On Friday, May 4, 2012 12:25:49 AM UTC-7, Aaron Hamlin wrote:

I think this is an important question for purposes of rhetoric.

I know where you were headed with this, but you can still point out that basically every sensible voting method fails one or the other.

But I go even further and argue that satisfying Later-no-harm is actually a bad thing, because it forces a system to ignore an arbitrarily large increase in support for Y vs. X, among an arbitrarily large number of voters — so long as those voters still prefer X to Y (even by the tiniest amount). 

[Toby Pereira]

Would other methods originally designed to be Condorcet (e.g. Schulze)
pass these if pairwise opposition was used intstead of e.g. winning
votes (or margins in other cases)?

On May 4, 5:54 pm, Dale Sheldon-Hess <d...@sheldon-hess.org> wrote:

[Jameson Quinn]

No. Say you support A>B>C and the honest pairwise matrix is: (WV for row over column)

    A   B   C

A       5   2

B   2       4

C   5   3

C wins. But if you and a friend betray A for B, then B will win. There's no other way for you to do it.

Jameson

2012/5/18 Toby Pereira <tdp...@yahoo.co.uk>

[Toby Pereira]

So minimax with pairwise opposition is the only system that satisfies
both criteria?

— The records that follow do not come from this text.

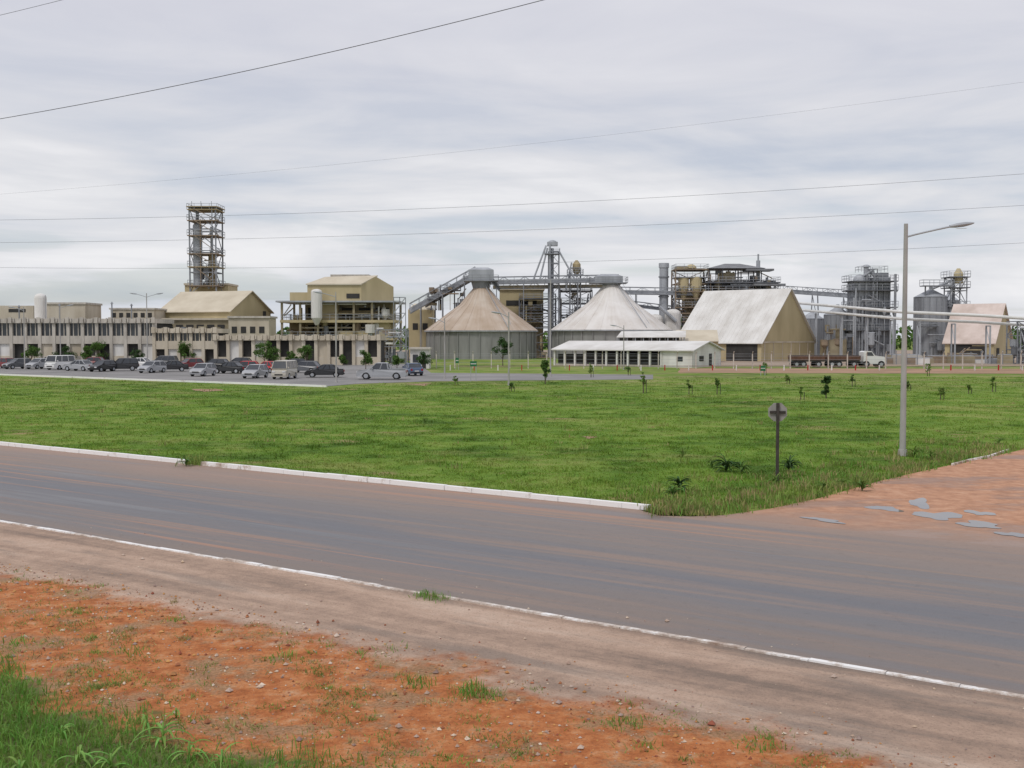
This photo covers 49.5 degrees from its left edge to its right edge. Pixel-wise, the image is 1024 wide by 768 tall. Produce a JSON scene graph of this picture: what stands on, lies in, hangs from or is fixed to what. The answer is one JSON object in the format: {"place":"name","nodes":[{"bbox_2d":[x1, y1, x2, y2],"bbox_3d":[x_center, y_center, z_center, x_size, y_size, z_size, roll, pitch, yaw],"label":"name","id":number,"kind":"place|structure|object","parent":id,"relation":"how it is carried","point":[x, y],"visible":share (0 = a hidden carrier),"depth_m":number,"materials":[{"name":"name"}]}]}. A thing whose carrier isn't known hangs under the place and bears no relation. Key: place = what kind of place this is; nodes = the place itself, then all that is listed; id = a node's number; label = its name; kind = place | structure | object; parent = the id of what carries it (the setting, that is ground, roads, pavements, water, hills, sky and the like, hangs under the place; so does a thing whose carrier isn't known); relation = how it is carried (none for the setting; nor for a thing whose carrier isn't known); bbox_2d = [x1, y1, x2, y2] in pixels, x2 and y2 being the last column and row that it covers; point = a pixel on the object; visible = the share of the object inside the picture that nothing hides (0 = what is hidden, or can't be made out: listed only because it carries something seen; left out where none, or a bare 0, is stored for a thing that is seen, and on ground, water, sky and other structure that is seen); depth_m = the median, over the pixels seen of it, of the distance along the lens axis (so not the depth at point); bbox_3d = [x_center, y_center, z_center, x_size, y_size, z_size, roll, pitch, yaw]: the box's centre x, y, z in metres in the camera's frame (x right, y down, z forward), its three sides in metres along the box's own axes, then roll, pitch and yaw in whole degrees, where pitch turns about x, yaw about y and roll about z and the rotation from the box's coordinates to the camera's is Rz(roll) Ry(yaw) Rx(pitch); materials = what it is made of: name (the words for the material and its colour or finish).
{"place":"outdoors","nodes":[
{"label":"outdoors","id":0,"kind":"place"},
{"bbox_2d":[34,293,46,318],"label":"storage tank","id":1,"kind":"object","parent":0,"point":[40,305],"visible":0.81,"depth_m":195.75,"materials":[{"name":"grey metal"}]},
{"bbox_2d":[0,0,542,118],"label":"power line","id":2,"kind":"object","parent":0,"point":[283,62],"visible":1,"depth_m":34.23,"materials":[{"name":"metal"}]},
{"bbox_2d":[408,304,433,356],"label":"receiving building","id":3,"kind":"structure","parent":0,"point":[414,326],"depth_m":249.66,"materials":[{"name":"beige metal"}]},
{"bbox_2d":[0,243,1013,267],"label":"power line","id":4,"kind":"object","parent":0,"point":[620,260],"visible":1,"depth_m":56.16,"materials":[{"name":"metal"}]},
{"bbox_2d":[0,520,1023,767],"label":"roadside ground","id":5,"kind":"structure","parent":0,"point":[882,714],"depth_m":14.46,"materials":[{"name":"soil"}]},
{"bbox_2d":[53,744,109,766],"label":"weed plant","id":6,"kind":"object","parent":5,"relation":"on","point":[77,756],"visible":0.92,"depth_m":11.64,"materials":[{"name":"green plant"}]},
{"bbox_2d":[91,746,133,767],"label":"weed plant","id":7,"kind":"object","parent":5,"relation":"on","point":[115,752],"visible":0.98,"depth_m":11.54,"materials":[{"name":"green plant"}]},
{"bbox_2d":[131,721,195,747],"bbox_3d":[-3.837,3.859,12.265,0.610,0.250,0.588,1,3,23],"label":"weed plant","id":8,"kind":"object","parent":5,"relation":"on","point":[163,732],"visible":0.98,"depth_m":12.26,"materials":[{"name":"green plant"}]},
{"bbox_2d":[165,739,211,762],"bbox_3d":[-3.406,3.896,11.789,0.474,0.218,0.432,0,2,0],"label":"weed plant","id":9,"kind":"object","parent":5,"relation":"on","point":[189,746],"visible":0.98,"depth_m":11.77,"materials":[{"name":"green plant"}]},
{"bbox_2d":[0,653,394,767],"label":"verge grass","id":10,"kind":"structure","parent":5,"relation":"on","point":[22,706],"depth_m":12.22,"materials":[{"name":"green plant"}]},
{"bbox_2d":[208,742,244,767],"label":"weed plant","id":11,"kind":"object","parent":5,"relation":"on","point":[221,756],"visible":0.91,"depth_m":11.66,"materials":[{"name":"green plant"}]},
{"bbox_2d":[2,588,797,761],"bbox_3d":[-1.293,3.703,16.588,11.772,0.197,5.603,1,3,23],"label":"grass tuft","id":12,"kind":"object","parent":5,"relation":"on","point":[472,691],"visible":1,"depth_m":14.15,"materials":[{"name":"green plant"}]},
{"bbox_2d":[0,568,869,767],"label":"dirt weeds","id":13,"kind":"object","parent":5,"relation":"on","point":[193,696],"visible":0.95,"depth_m":13.74,"materials":[{"name":"green plant"}]},
{"bbox_2d":[0,561,994,767],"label":"soil clods","id":14,"kind":"object","parent":5,"relation":"on","point":[208,720],"visible":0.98,"depth_m":14.40,"materials":[{"name":"brown soil"}]},
{"bbox_2d":[0,520,1023,697],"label":"road edge kerb","id":15,"kind":"structure","parent":5,"relation":"on","point":[815,660],"depth_m":17.48,"materials":[{"name":"paint"}]},
{"bbox_2d":[0,445,1023,694],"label":"road","id":16,"kind":"structure","parent":0,"point":[950,611],"depth_m":22.86,"materials":[{"name":"grey asphalt"}]},
{"bbox_2d":[0,338,1023,515],"bbox_3d":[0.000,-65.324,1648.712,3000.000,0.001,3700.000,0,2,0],"label":"ground","id":17,"kind":"structure","parent":0,"point":[483,366],"depth_m":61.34,"materials":[{"name":"green plant"}]},
{"bbox_2d":[0,374,326,386],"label":"parking kerb","id":18,"kind":"structure","parent":17,"relation":"on","point":[170,380],"depth_m":111.73,"materials":[{"name":"white paint"}]},
{"bbox_2d":[0,441,650,509],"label":"kerb","id":19,"kind":"structure","parent":17,"relation":"on","point":[589,501],"depth_m":34.41,"materials":[{"name":"white paint"}]},
{"bbox_2d":[0,364,652,385],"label":"parking lot","id":20,"kind":"structure","parent":17,"relation":"on","point":[348,377],"depth_m":125.97,"materials":[{"name":"grey asphalt"}]},
{"bbox_2d":[2,358,30,368],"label":"parked car","id":21,"kind":"object","parent":20,"relation":"on","point":[14,363],"visible":0.72,"depth_m":155.60,"materials":[{"name":"grey paint"}]},
{"bbox_2d":[21,345,41,359],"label":"shade tree","id":22,"kind":"object","parent":20,"relation":"on","point":[33,349],"visible":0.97,"depth_m":181.91,"materials":[{"name":"green plant"}]},
{"bbox_2d":[25,358,45,368],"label":"parked car","id":23,"kind":"object","parent":20,"relation":"on","point":[37,363],"visible":0.7,"depth_m":155.36,"materials":[{"name":"silver paint"}]},
{"bbox_2d":[44,355,74,369],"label":"parked van","id":24,"kind":"object","parent":20,"relation":"on","point":[58,362],"visible":0.73,"depth_m":151.59,"materials":[{"name":"white paint"}]},
{"bbox_2d":[62,360,91,370],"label":"parked car","id":25,"kind":"object","parent":20,"relation":"on","point":[82,365],"visible":0.81,"depth_m":146.45,"materials":[{"name":"silver paint"}]},
{"bbox_2d":[0,317,173,360],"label":"office building","id":26,"kind":"structure","parent":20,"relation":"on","point":[122,337],"depth_m":187.89,"materials":[{"name":"concrete"}]},
{"bbox_2d":[0,302,102,318],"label":"office block","id":27,"kind":"structure","parent":26,"relation":"on","point":[76,310],"depth_m":204.63,"materials":[{"name":"concrete"}]},
{"bbox_2d":[109,308,166,318],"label":"boiler annex","id":28,"kind":"object","parent":26,"relation":"on","point":[156,313],"visible":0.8,"depth_m":204.63,"materials":[{"name":"concrete"}]},
{"bbox_2d":[90,341,107,358],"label":"shade tree","id":29,"kind":"object","parent":20,"relation":"on","point":[96,346],"visible":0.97,"depth_m":186.24,"materials":[{"name":"green plant"}]},
{"bbox_2d":[87,360,116,371],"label":"parked car","id":30,"kind":"object","parent":20,"relation":"on","point":[101,365],"visible":0.99,"depth_m":143.88,"materials":[{"name":"black paint"}]},
{"bbox_2d":[109,358,138,370],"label":"van","id":31,"kind":"object","parent":20,"relation":"on","point":[131,364],"visible":0.64,"depth_m":146.68,"materials":[{"name":"black paint"}]},
{"bbox_2d":[137,361,166,372],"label":"parked car","id":32,"kind":"object","parent":20,"relation":"on","point":[151,366],"visible":1,"depth_m":138.58,"materials":[{"name":"silver paint"}]},
{"bbox_2d":[159,360,188,371],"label":"parked car","id":33,"kind":"object","parent":20,"relation":"on","point":[176,364],"visible":0.7,"depth_m":143.94,"materials":[{"name":"black paint"}]},
{"bbox_2d":[177,341,196,358],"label":"shade tree","id":34,"kind":"object","parent":20,"relation":"on","point":[182,345],"visible":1,"depth_m":182.12,"materials":[{"name":"green plant"}]},
{"bbox_2d":[151,327,229,362],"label":"annex building","id":35,"kind":"structure","parent":20,"relation":"on","point":[165,341],"depth_m":182.79,"materials":[{"name":"beige concrete"}]},
{"bbox_2d":[181,358,203,366],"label":"parked car","id":36,"kind":"object","parent":20,"relation":"on","point":[191,362],"visible":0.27,"depth_m":155.85,"materials":[{"name":"paint"}]},
{"bbox_2d":[189,363,216,375],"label":"parked car","id":37,"kind":"object","parent":20,"relation":"on","point":[202,369],"visible":1,"depth_m":126.87,"materials":[{"name":"silver paint"}]},
{"bbox_2d":[216,362,246,373],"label":"parked car","id":38,"kind":"object","parent":20,"relation":"on","point":[236,367],"visible":0.77,"depth_m":135.87,"materials":[{"name":"black paint"}]},
{"bbox_2d":[242,364,268,377],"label":"parked car","id":39,"kind":"object","parent":20,"relation":"on","point":[255,370],"visible":1,"depth_m":120.81,"materials":[{"name":"silver paint"}]},
{"bbox_2d":[253,341,272,360],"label":"shade tree","id":40,"kind":"object","parent":20,"relation":"on","point":[259,352],"visible":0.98,"depth_m":173.41,"materials":[{"name":"green plant"}]},
{"bbox_2d":[263,346,280,360],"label":"shade tree","id":41,"kind":"object","parent":20,"relation":"on","point":[275,350],"visible":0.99,"depth_m":173.39,"materials":[{"name":"green plant"}]},
{"bbox_2d":[270,360,297,378],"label":"parked van","id":42,"kind":"object","parent":20,"relation":"on","point":[284,368],"visible":1,"depth_m":117.83,"materials":[{"name":"beige paint"}]},
{"bbox_2d":[213,334,386,364],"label":"loading arcade","id":43,"kind":"object","parent":20,"relation":"on","point":[230,347],"visible":0.74,"depth_m":178.08},
{"bbox_2d":[297,344,312,359],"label":"shade tree","id":44,"kind":"object","parent":20,"relation":"on","point":[307,353],"visible":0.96,"depth_m":166.33,"materials":[{"name":"green plant"}]},
{"bbox_2d":[297,361,319,371],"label":"parked car","id":45,"kind":"object","parent":20,"relation":"on","point":[306,365],"visible":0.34,"depth_m":138.36,"materials":[{"name":"grey paint"}]},
{"bbox_2d":[304,364,344,377],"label":"parked car","id":46,"kind":"object","parent":20,"relation":"on","point":[326,369],"visible":0.9,"depth_m":122.69,"materials":[{"name":"black paint"}]},
{"bbox_2d":[313,291,337,382],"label":"street lamp","id":47,"kind":"object","parent":20,"relation":"on","point":[336,381],"visible":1,"depth_m":109.16,"materials":[{"name":"metal"}]},
{"bbox_2d":[359,350,372,368],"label":"shade tree","id":48,"kind":"object","parent":20,"relation":"on","point":[367,359],"visible":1,"depth_m":152.97,"materials":[{"name":"green plant"}]},
{"bbox_2d":[356,362,407,379],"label":"pickup truck","id":49,"kind":"object","parent":20,"relation":"on","point":[381,369],"visible":1,"depth_m":116.90,"materials":[{"name":"silver paint"}]},
{"bbox_2d":[402,363,422,375],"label":"parked car","id":50,"kind":"object","parent":20,"relation":"on","point":[415,368],"visible":0.78,"depth_m":128.19,"materials":[{"name":"blue paint"}]},
{"bbox_2d":[409,347,431,368],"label":"gatehouse","id":51,"kind":"object","parent":20,"relation":"on","point":[415,352],"visible":0.66,"depth_m":157.95,"materials":[{"name":"paint"}]},
{"bbox_2d":[416,351,432,368],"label":"shade tree","id":52,"kind":"object","parent":20,"relation":"on","point":[422,357],"visible":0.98,"depth_m":152.94,"materials":[{"name":"green plant"}]},
{"bbox_2d":[375,328,408,362],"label":"pipe platform","id":53,"kind":"structure","parent":17,"relation":"on","point":[401,355],"depth_m":190.39,"materials":[{"name":"grey metal"}]},
{"bbox_2d":[424,267,537,358],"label":"grain silo","id":54,"kind":"object","parent":17,"relation":"on","point":[476,327],"visible":0.94,"depth_m":226.90,"materials":[{"name":"grey metal"}]},
{"bbox_2d":[492,311,509,384],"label":"street lamp","id":55,"kind":"object","parent":17,"relation":"on","point":[508,347],"visible":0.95,"depth_m":103.28,"materials":[{"name":"metal"}]},
{"bbox_2d":[492,337,513,365],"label":"shade tree","id":56,"kind":"object","parent":17,"relation":"on","point":[504,346],"visible":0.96,"depth_m":173.21,"materials":[{"name":"green plant"}]},
{"bbox_2d":[0,393,1023,517],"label":"roadside weeds","id":57,"kind":"object","parent":17,"relation":"on","point":[799,489],"visible":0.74,"depth_m":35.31,"materials":[{"name":"green plant"}]},
{"bbox_2d":[540,360,550,383],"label":"dense young tree","id":58,"kind":"object","parent":17,"relation":"on","point":[544,365],"visible":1,"depth_m":106.11,"materials":[{"name":"green plant"}]},
{"bbox_2d":[276,317,1021,348],"bbox_3d":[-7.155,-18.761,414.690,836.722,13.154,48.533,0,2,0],"label":"distant trees","id":59,"kind":"object","parent":17,"relation":"on","point":[899,340],"depth_m":412.50,"materials":[{"name":"green plant"}]},
{"bbox_2d":[666,476,690,490],"bbox_3d":[4.882,2.907,32.474,0.815,0.442,0.919,-2,3,-44],"label":"broadleaf plant","id":60,"kind":"object","parent":17,"relation":"on","point":[679,482],"visible":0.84,"depth_m":32.37,"materials":[{"name":"green plant"}]},
{"bbox_2d":[386,350,1023,365],"bbox_3d":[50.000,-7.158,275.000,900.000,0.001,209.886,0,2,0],"label":"factory yard","id":61,"kind":"structure","parent":17,"relation":"on","point":[755,363],"depth_m":181.10,"materials":[{"name":"beige concrete"}]},
{"bbox_2d":[161,283,277,335],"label":"extraction building","id":62,"kind":"structure","parent":61,"relation":"on","point":[233,309],"depth_m":209.70,"materials":[{"name":"metal"}]},
{"bbox_2d":[186,201,225,291],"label":"process tower","id":63,"kind":"structure","parent":62,"relation":"on","point":[208,273],"depth_m":229.73,"materials":[{"name":"grey metal"}]},
{"bbox_2d":[275,274,405,359],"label":"process building","id":64,"kind":"structure","parent":61,"relation":"on","point":[366,303],"depth_m":212.58,"materials":[{"name":"beige concrete"}]},
{"bbox_2d":[499,288,592,356],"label":"milling building","id":65,"kind":"structure","parent":61,"relation":"on","point":[512,301],"depth_m":251.34,"materials":[{"name":"metal"}]},
{"bbox_2d":[533,240,574,356],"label":"bucket elevator","id":66,"kind":"object","parent":61,"relation":"on","point":[552,252],"visible":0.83,"depth_m":245.34,"materials":[{"name":"grey metal"}]},
{"bbox_2d":[565,260,583,315],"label":"bucket elevator","id":67,"kind":"object","parent":61,"relation":"on","point":[576,268],"visible":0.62,"depth_m":245.33,"materials":[{"name":"grey metal"}]},
{"bbox_2d":[551,274,672,358],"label":"grain silo","id":68,"kind":"object","parent":61,"relation":"on","point":[603,310],"visible":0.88,"depth_m":227.72,"materials":[{"name":"grey metal"}]},
{"bbox_2d":[409,267,846,346],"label":"conveyor gallery","id":69,"kind":"object","parent":61,"relation":"on","point":[438,294],"visible":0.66,"depth_m":245.35,"materials":[{"name":"grey metal"}]},
{"bbox_2d":[551,341,724,367],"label":"open shed","id":70,"kind":"structure","parent":61,"relation":"on","point":[651,349],"depth_m":169.84,"materials":[{"name":"concrete"}]},
{"bbox_2d":[616,331,685,340],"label":"loading canopy","id":71,"kind":"object","parent":61,"relation":"on","point":[651,335],"visible":0.4,"depth_m":193.96,"materials":[{"name":"white metal"}]},
{"bbox_2d":[658,263,668,323],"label":"chimney stack","id":72,"kind":"object","parent":61,"relation":"on","point":[663,276],"visible":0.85,"depth_m":246.49,"materials":[{"name":"grey metal"}]},
{"bbox_2d":[652,306,680,330],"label":"dust tank","id":73,"kind":"object","parent":61,"relation":"on","point":[673,319],"visible":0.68,"depth_m":244.02,"materials":[{"name":"white metal"}]},
{"bbox_2d":[671,254,785,328],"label":"drying plant","id":74,"kind":"object","parent":61,"relation":"on","point":[727,280],"visible":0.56,"depth_m":245.60,"materials":[{"name":"metal"}]},
{"bbox_2d":[663,288,817,360],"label":"warehouse","id":75,"kind":"structure","parent":61,"relation":"on","point":[761,324],"depth_m":212.29,"materials":[{"name":"white metal"}]},
{"bbox_2d":[805,304,846,354],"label":"steel silo","id":76,"kind":"object","parent":61,"relation":"on","point":[832,320],"visible":0.4,"depth_m":221.16,"materials":[{"name":"silver metal"}]},
{"bbox_2d":[820,265,898,356],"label":"grain dryer","id":77,"kind":"object","parent":61,"relation":"on","point":[865,289],"visible":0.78,"depth_m":215.38,"materials":[{"name":"grey metal"}]},
{"bbox_2d":[799,302,1023,363],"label":"pipe rack","id":78,"kind":"object","parent":61,"relation":"on","point":[919,320],"visible":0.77,"depth_m":188.86,"materials":[{"name":"grey metal"}]},
{"bbox_2d":[913,268,970,355],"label":"steel silo","id":79,"kind":"object","parent":61,"relation":"on","point":[930,299],"visible":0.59,"depth_m":217.37,"materials":[{"name":"silver metal"}]},
{"bbox_2d":[886,350,1012,364],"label":"yard equipment","id":80,"kind":"object","parent":61,"relation":"on","point":[912,359],"visible":0.73,"depth_m":184.99,"materials":[{"name":"grey metal"}]},
{"bbox_2d":[942,303,1012,355],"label":"equipment shed","id":81,"kind":"structure","parent":61,"relation":"on","point":[970,337],"depth_m":202.36,"materials":[{"name":"metal"}]},
{"bbox_2d":[1006,321,1023,362],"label":"pipe platform","id":82,"kind":"structure","parent":61,"relation":"on","point":[1015,347],"depth_m":185.77,"materials":[{"name":"grey metal"}]},
{"bbox_2d":[711,453,743,471],"bbox_3d":[7.159,2.629,37.075,1.047,0.608,1.007,-1,3,-17],"label":"broadleaf plant","id":83,"kind":"object","parent":17,"relation":"on","point":[725,464],"visible":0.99,"depth_m":37.08,"materials":[{"name":"green plant"}]},
{"bbox_2d":[436,351,1023,368],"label":"fence","id":84,"kind":"object","parent":17,"relation":"on","point":[733,359],"visible":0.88,"depth_m":157.62,"materials":[{"name":"concrete"}]},
{"bbox_2d":[450,365,1022,370],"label":"marker post","id":85,"kind":"object","parent":17,"relation":"on","point":[736,367],"visible":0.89,"depth_m":148.94,"materials":[{"name":"red paint"}]},
{"bbox_2d":[768,403,786,480],"bbox_3d":[8.275,1.812,34.601,0.573,2.450,0.103,0,2,6],"label":"stop sign","id":86,"kind":"object","parent":17,"relation":"on","point":[777,412],"visible":0.94,"depth_m":34.58,"materials":[{"name":"grey metal"}]},
{"bbox_2d":[775,454,802,469],"bbox_3d":[9.299,2.655,37.199,0.921,0.547,1.116,0,2,0],"label":"broadleaf plant","id":87,"kind":"object","parent":17,"relation":"on","point":[788,464],"visible":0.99,"depth_m":37.09,"materials":[{"name":"green plant"}]},
{"bbox_2d":[820,375,831,397],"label":"dense young tree","id":88,"kind":"object","parent":17,"relation":"on","point":[826,380],"visible":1,"depth_m":81.29,"materials":[{"name":"green plant"}]},
{"bbox_2d":[788,351,884,367],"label":"cargo truck","id":89,"kind":"object","parent":17,"relation":"on","point":[859,360],"visible":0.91,"depth_m":162.82,"materials":[{"name":"metal"}]},
{"bbox_2d":[898,222,973,455],"bbox_3d":[15.989,-1.681,41.884,2.740,8.815,0.360,0,2,0],"label":"street lamp","id":90,"kind":"object","parent":17,"relation":"on","point":[902,445],"visible":0.97,"depth_m":41.81,"materials":[{"name":"metal"}]},
{"bbox_2d":[0,205,1023,242],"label":"power line","id":91,"kind":"object","parent":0,"point":[516,230],"visible":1,"depth_m":55.13,"materials":[{"name":"metal"}]},
{"bbox_2d":[0,0,1023,337],"label":"sky","id":92,"kind":"structure","parent":0,"point":[545,71],"materials":[{"name":"grey"}]},
{"bbox_2d":[8,82,1020,193],"bbox_3d":[-2.828,-11.241,50.570,66.108,5.230,0.006,0,2,9],"label":"power line","id":93,"kind":"object","parent":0,"point":[524,144],"visible":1,"depth_m":50.09,"materials":[{"name":"metal"}]},
{"bbox_2d":[29,174,1016,219],"bbox_3d":[-3.394,-9.168,53.660,70.355,1.686,0.014,0,2,10],"label":"power line","id":94,"kind":"object","parent":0,"point":[521,204],"visible":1,"depth_m":53.02,"materials":[{"name":"metal"}]},
{"bbox_2d":[645,449,1023,547],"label":"side road","id":95,"kind":"structure","parent":0,"point":[995,484],"depth_m":29.47,"materials":[{"name":"brown soil"}]},
{"bbox_2d":[865,506,902,511],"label":"puddle","id":96,"kind":"object","parent":95,"relation":"on","point":[888,508],"visible":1,"depth_m":29.09,"materials":[{"name":"grey liquid"}]},
{"bbox_2d":[909,498,929,508],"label":"puddle","id":97,"kind":"object","parent":95,"relation":"on","point":[921,503],"visible":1,"depth_m":29.96,"materials":[{"name":"grey liquid"}]},
{"bbox_2d":[912,511,962,519],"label":"puddle","id":98,"kind":"object","parent":95,"relation":"on","point":[942,516],"visible":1,"depth_m":27.94,"materials":[{"name":"grey liquid"}]},
{"bbox_2d":[956,520,999,527],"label":"puddle","id":99,"kind":"object","parent":95,"relation":"on","point":[974,523],"visible":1,"depth_m":26.59,"materials":[{"name":"grey liquid"}]},
{"bbox_2d":[678,368,1023,373],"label":"dirt road","id":100,"kind":"structure","parent":0,"point":[836,370],"depth_m":148.51,"materials":[{"name":"brown soil"}]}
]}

What strategy would be optimal with this system?

On May 18, 11:49 pm, Jameson Quinn <jameson.qu...@gmail.com> wrote:
> No. Say you support A>B>C and the honest pairwise matrix is: (WV for row
> over column)
>
>     A   B   C
> A       5   2
> B   2       4
> C   5   3
>
> C wins. But if you and a friend betray A for B, then B will win. There's no
> other way for you to do it.
>
> Jameson
>

> 2012/5/18 Toby Pereira <tdp2...@yahoo.co.uk>

[Dale Sheldon-Hess]

On Sun, May 20, 2012 at 7:31 AM, Toby Pereira <tdp...@yahoo.co.uk> wrote:
> So minimax with pairwise opposition is the only system that satisfies
> both criteria? What strategy would be optimal with this system?

That's a good question, but not one with an easy answer.

I think this whole discussion has only served to convince me that, as
nice as FBC is from a voter's perspective, passing IIA is where it's
really at.

--
Dale Sheldon-Hess

[Toby Pereira]

I'm just trying to work out what passing favourite betrayal and later
no harm allows a voter to do. I think it only passes if equal ranks
are allowed. So if A is your favourite and B your favoured likely-to-
win candidates, does ranking A=B instead of A>B never causes A to
lose?

On May 21, 6:40 pm, Dale Sheldon-Hess <d...@sheldon-hess.org> wrote:

[Dale Sheldon-Hess]

On Fri, May 25, 2012 at 11:15 AM, Toby Pereira <tdp...@yahoo.co.uk> wrote:
> I'm just trying to work out what passing favourite betrayal and later
> no harm allows a voter to do. I think it only passes if equal ranks
> are allowed. So if A is your favourite and B your favoured likely-to-
> win candidates, does ranking A=B instead of A>B never causes A to
> lose?

I think yes, but also ranking A=B>C instead of A=B will never cause A
or B to lose.

--
Dale Sheldon-Hess

[Toby Pereira]

Yes, certainly ranking A=B>C instead of A=B should never cause A or B
to lose in a system that passes later-no-harm. I think this system
only passes favourite betrayal if equal ranks are permitted, which
suggests to me that the optimum strategy is likely to be to top rank
your favourite along with your favourite among the likely winners (in
fact it's beginning to sound like approval strategy).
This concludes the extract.